Respirar para sanar es deber revolucionario. Iván Padilla Bravo.

Diálogo en cuarentena

La sociedad de las y los iguales, que por años ha sido denominada socialismo y construimos cotidianamente, es el más grande acto de conciencia de la humanidad.

Cuando, hace más de un año, se encendieron las alarmas ante la aparición de una molécula viral llamada Covid-19 o Coronavirus, que comenzaba a recorrer y contagiar al mundo hasta el punto de convertirse en pandemia, pensé de nuevo en el empeño humano por desequilibrar al universo al que nos incorporamos como tales con un cuerpo y mente disociadas del alma o élan al que nos debemos.

Suelo distanciarme cuando la mente de los eruditos califica de humanizado todo aquello que observa como producto «maravilloso» en el contexto de las relaciones sociales, haciendo parecer como «eslabón más alto de las especies» al individuo racional llamado (patriarcalmente, para variar) hombre.

Los eruditos hablan desde la ciencia (a veces también desde la religión, sólo que entonces se les llama teólogos, patriarcas, sacerdotes o cualquier cosa parecida que exprese «autoridad divina»), esa coraza de poder egótico o ególatra donde se generan los dogmas o verdades «incuestionables» construidas por los dominadores e impuestas como doctrinas hegemónicas para el mundo entero.

Mi distancia con lo establecido es la misma que debe haber entre conciencia y subconciencia, ideología (falsa conciencia) o razonamiento de complacencia con lo establecido desde el poder desigual de clases.
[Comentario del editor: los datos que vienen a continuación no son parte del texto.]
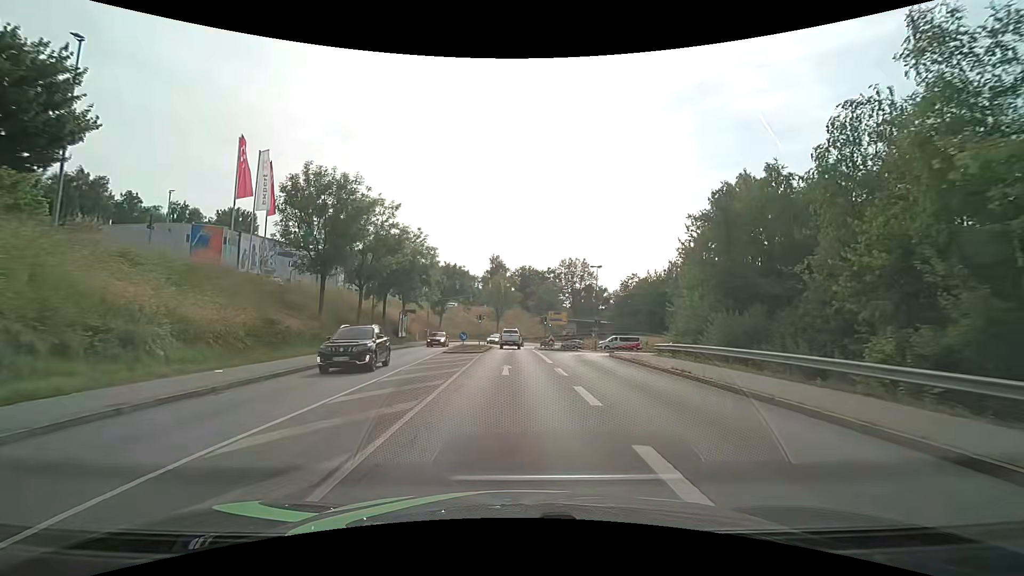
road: tertiary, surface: asphalt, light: Day
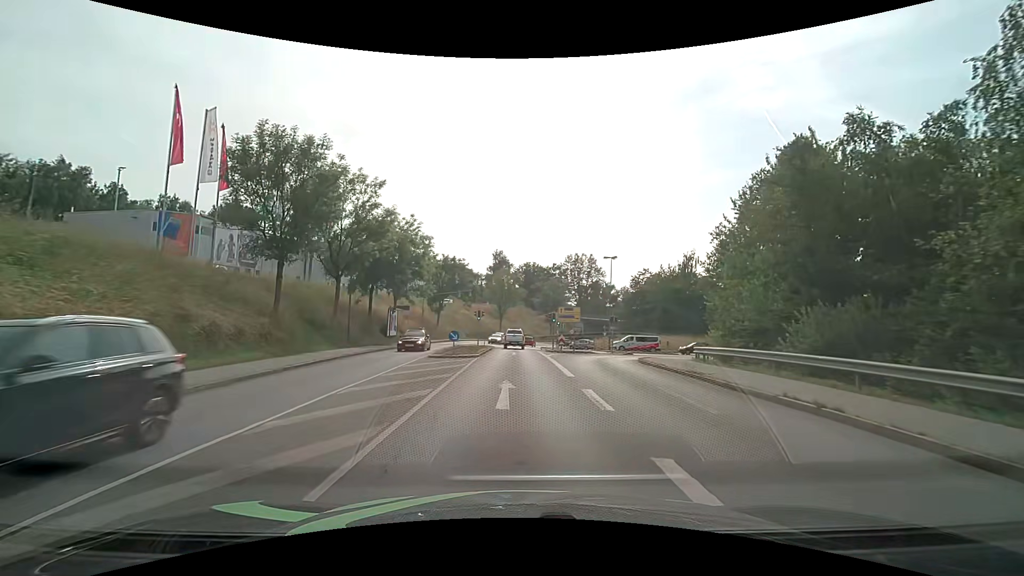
(0.0, +6.6) m; 0°
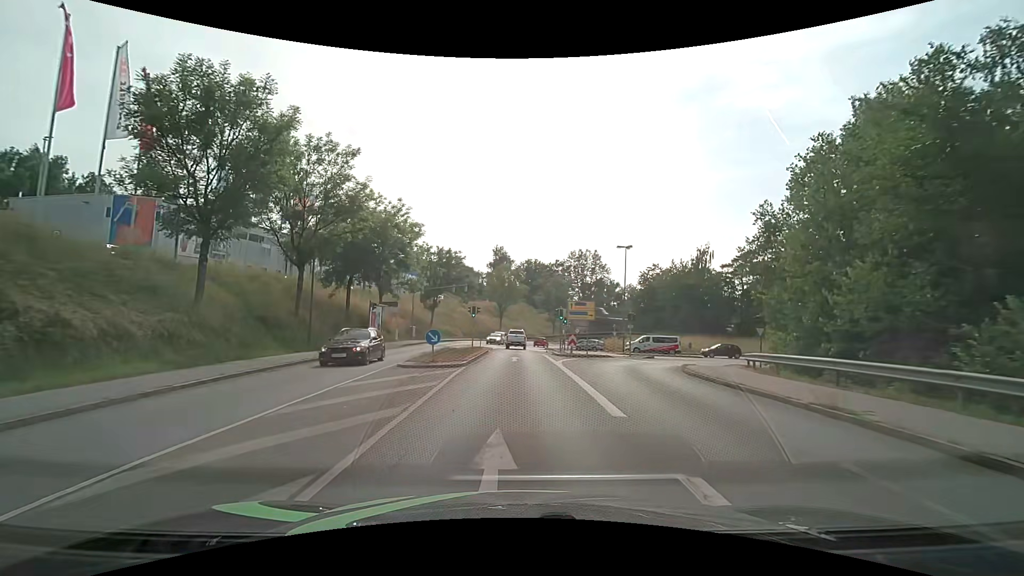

Ya no lucho contra esa distancia, sino que la acepto como parte del proceso desequilibrado al que hemos llegado hasta ahora y que podemos revertir desde nuestro interior en la medida en que armonicemos dentro de nosotros al cuerpo con la mente y el corazón como expresiones de una misma energía que en quantos se mueve dialécticamente.

Si consiguiésemos volver a la esencia de lo escindido y, como seres vivos, nos asumiésemos conciencia expandida y en expansión, el proceso de liberación (incluida la liberación común, en comunas, social) o

equilibrio universal sería el todo al que nos debemos como individuos.

Respirar, respirar conscientes. Alimentarnos, alimentarnos conscientes. Ejercitar,ejercitarnos conscientes. Son partes del mismo proceso de lo vital, de la armonía y del equilibrio del universo. Son la sencilla revolución que nos debemos.

Es aquí donde debemos centrarnos. Nuestro enfoque humano está en la aceptación molecular de lo que somos. Sólo cuando asumamos nuestra misión para el equilibrio habremos logrado quitarle la corona a cualquier virus que se haya erigido monárquicamente en rey para las desigualdades y el dominio egolátrico de un puñado de expropiadores y amos del mundo.

La tarea es más sencilla de lo que se pueda suponer. Es parte de nuestra naturaleza con la naturaleza. No hay nada superior a otro, todos somos iguales, necesarios y complementarios entre sí.